EXERCISE GOAL:
Nothing but the lines below from the one containing "వన్నెఁ జెలువొంద విలసిల్లె వాసిరెడ్డి" through the one containing "జెక్కడ నక్క యెక్కడ" should appear in the answer, exact and without pictures.

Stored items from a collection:

□ □ □ □

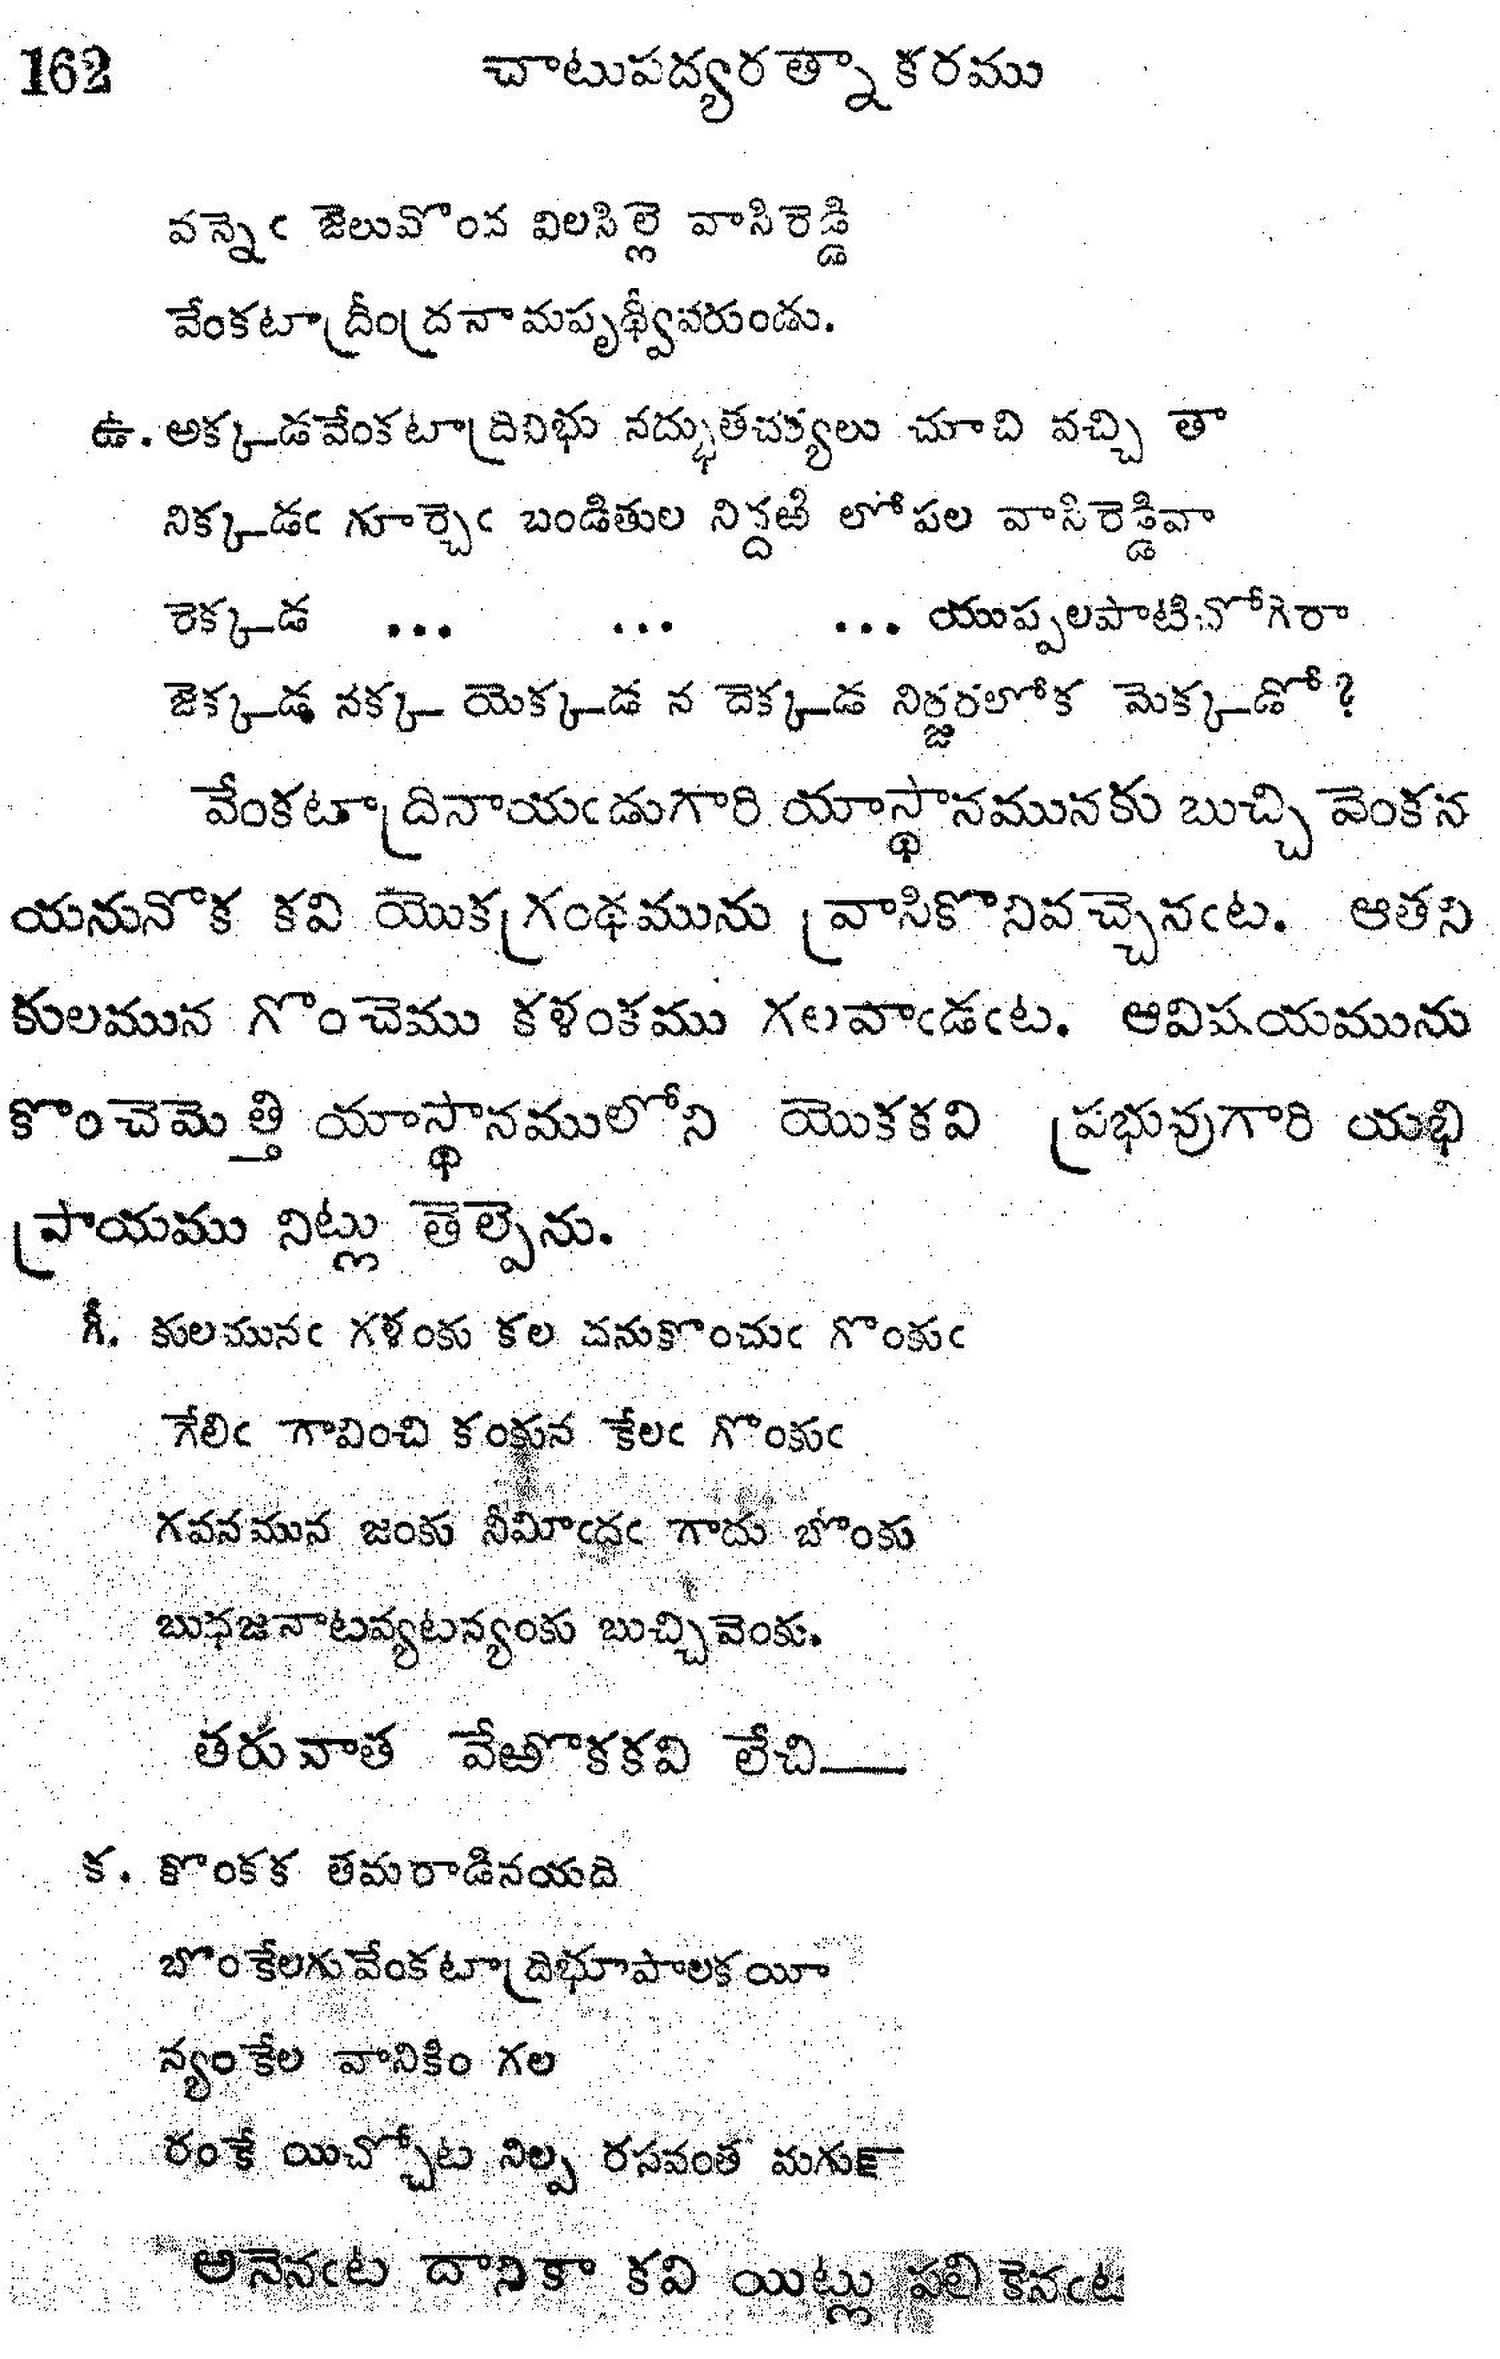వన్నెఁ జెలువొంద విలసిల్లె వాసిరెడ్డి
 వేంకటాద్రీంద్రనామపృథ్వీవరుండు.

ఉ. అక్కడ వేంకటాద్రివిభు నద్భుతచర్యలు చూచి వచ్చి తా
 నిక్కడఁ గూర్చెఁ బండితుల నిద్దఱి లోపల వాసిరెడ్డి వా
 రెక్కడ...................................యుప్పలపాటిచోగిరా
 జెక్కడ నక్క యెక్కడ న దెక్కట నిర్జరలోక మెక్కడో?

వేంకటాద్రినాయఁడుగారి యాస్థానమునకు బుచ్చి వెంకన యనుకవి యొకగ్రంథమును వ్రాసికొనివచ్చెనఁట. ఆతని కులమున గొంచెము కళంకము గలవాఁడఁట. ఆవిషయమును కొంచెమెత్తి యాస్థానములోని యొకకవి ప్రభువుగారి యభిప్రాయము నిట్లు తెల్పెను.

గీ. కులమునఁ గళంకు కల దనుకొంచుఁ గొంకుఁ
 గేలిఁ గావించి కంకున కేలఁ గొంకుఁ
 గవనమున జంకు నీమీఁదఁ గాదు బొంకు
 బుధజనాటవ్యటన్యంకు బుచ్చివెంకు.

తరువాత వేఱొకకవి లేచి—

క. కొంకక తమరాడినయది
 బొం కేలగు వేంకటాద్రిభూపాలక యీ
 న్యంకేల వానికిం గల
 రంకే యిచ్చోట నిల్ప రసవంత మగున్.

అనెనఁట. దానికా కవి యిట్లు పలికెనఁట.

□ □ □ □

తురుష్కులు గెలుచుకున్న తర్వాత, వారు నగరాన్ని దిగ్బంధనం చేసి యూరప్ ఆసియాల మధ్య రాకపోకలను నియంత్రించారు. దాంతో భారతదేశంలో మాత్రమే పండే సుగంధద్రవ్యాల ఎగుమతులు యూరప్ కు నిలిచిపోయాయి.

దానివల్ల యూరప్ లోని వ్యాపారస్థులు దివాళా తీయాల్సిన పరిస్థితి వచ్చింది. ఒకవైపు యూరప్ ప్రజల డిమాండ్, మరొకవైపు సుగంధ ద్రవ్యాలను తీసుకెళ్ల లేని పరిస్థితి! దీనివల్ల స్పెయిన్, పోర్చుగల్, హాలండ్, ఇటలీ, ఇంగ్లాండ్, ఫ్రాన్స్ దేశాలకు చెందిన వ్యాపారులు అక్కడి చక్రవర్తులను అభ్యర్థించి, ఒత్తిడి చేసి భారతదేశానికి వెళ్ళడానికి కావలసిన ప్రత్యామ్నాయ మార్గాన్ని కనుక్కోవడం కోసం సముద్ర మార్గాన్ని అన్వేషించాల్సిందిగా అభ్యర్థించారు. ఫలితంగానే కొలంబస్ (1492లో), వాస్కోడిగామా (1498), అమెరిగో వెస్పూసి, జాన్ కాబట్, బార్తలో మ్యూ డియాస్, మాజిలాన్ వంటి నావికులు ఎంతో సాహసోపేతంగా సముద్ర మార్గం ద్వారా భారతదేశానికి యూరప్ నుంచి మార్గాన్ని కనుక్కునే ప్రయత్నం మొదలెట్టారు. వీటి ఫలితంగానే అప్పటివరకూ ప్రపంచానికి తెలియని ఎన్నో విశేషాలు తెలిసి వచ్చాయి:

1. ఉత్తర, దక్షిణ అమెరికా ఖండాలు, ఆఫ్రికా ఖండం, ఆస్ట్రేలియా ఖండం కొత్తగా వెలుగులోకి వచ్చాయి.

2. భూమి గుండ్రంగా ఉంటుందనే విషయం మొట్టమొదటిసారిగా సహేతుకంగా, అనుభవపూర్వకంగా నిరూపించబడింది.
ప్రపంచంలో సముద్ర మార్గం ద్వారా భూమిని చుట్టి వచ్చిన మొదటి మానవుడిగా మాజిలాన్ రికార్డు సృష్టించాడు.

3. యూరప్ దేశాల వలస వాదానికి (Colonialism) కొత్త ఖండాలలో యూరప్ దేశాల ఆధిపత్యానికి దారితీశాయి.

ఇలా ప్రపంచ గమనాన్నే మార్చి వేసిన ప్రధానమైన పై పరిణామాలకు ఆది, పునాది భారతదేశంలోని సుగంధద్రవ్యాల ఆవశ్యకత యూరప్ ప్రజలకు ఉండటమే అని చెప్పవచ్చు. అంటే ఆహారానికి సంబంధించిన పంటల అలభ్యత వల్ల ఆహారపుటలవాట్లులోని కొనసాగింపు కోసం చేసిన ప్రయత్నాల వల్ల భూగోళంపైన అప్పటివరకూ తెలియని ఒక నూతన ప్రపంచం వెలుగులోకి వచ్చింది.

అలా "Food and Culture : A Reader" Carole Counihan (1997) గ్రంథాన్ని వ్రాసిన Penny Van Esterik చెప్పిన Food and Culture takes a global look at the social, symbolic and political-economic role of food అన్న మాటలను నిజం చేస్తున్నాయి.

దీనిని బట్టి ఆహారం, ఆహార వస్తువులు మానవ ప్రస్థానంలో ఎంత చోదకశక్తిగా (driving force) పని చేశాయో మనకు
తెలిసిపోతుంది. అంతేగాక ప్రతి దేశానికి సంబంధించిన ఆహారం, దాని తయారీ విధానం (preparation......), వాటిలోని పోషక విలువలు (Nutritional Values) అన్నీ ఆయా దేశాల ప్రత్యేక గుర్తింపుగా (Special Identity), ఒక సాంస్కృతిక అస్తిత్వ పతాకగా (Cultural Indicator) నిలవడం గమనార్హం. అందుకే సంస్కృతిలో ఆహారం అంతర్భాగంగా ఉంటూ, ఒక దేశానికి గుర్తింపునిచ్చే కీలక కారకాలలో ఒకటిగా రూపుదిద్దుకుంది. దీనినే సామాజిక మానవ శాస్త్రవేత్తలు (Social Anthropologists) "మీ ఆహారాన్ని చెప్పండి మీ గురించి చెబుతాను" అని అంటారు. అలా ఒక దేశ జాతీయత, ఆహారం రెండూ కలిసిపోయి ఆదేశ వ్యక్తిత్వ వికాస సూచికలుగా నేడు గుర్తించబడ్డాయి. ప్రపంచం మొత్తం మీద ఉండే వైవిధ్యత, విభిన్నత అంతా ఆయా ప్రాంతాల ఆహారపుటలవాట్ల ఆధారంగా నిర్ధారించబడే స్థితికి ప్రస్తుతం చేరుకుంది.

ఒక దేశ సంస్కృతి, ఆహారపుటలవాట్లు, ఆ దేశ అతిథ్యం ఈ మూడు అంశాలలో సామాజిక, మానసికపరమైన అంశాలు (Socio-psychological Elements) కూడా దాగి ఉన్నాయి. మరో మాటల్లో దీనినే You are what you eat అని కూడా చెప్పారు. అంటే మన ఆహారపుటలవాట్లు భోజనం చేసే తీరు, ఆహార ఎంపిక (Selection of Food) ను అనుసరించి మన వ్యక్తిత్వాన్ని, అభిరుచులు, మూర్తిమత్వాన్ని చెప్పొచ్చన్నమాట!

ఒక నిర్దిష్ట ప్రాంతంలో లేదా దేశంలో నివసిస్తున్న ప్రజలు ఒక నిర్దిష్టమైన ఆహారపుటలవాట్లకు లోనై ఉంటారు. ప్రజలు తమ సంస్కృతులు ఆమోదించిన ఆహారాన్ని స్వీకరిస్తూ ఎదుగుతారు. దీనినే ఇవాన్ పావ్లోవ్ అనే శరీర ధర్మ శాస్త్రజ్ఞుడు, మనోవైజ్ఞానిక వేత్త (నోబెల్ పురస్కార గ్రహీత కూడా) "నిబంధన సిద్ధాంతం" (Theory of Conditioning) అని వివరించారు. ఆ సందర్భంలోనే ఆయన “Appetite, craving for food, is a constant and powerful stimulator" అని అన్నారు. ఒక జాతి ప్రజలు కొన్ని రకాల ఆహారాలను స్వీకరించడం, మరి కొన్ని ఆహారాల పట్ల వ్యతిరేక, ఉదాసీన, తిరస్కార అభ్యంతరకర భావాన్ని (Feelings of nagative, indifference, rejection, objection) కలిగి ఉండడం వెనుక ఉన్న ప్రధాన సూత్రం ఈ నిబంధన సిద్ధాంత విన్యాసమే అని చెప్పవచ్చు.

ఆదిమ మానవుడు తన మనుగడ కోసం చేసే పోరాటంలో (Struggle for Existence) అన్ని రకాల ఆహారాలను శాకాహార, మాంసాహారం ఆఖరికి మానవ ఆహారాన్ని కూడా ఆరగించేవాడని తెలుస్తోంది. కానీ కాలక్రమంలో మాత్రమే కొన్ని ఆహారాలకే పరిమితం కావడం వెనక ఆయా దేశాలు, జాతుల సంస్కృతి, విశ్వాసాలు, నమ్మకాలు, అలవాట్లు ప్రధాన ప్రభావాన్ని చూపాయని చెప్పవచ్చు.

□ □ □ □

EXERCISE OUTPUT:
వన్నెఁ జెలువొంద విలసిల్లె వాసిరెడ్డి
 వేంకటాద్రీంద్రనామపృథ్వీవరుండు.

ఉ. అక్కడ వేంకటాద్రివిభు నద్భుతచర్యలు చూచి వచ్చి తా
 నిక్కడఁ గూర్చెఁ బండితుల నిద్దఱి లోపల వాసిరెడ్డి వా
 రెక్కడ...................................యుప్పలపాటిచోగిరా
 జెక్కడ నక్క యెక్కడ న దెక్కట నిర్జరలోక మెక్కడో?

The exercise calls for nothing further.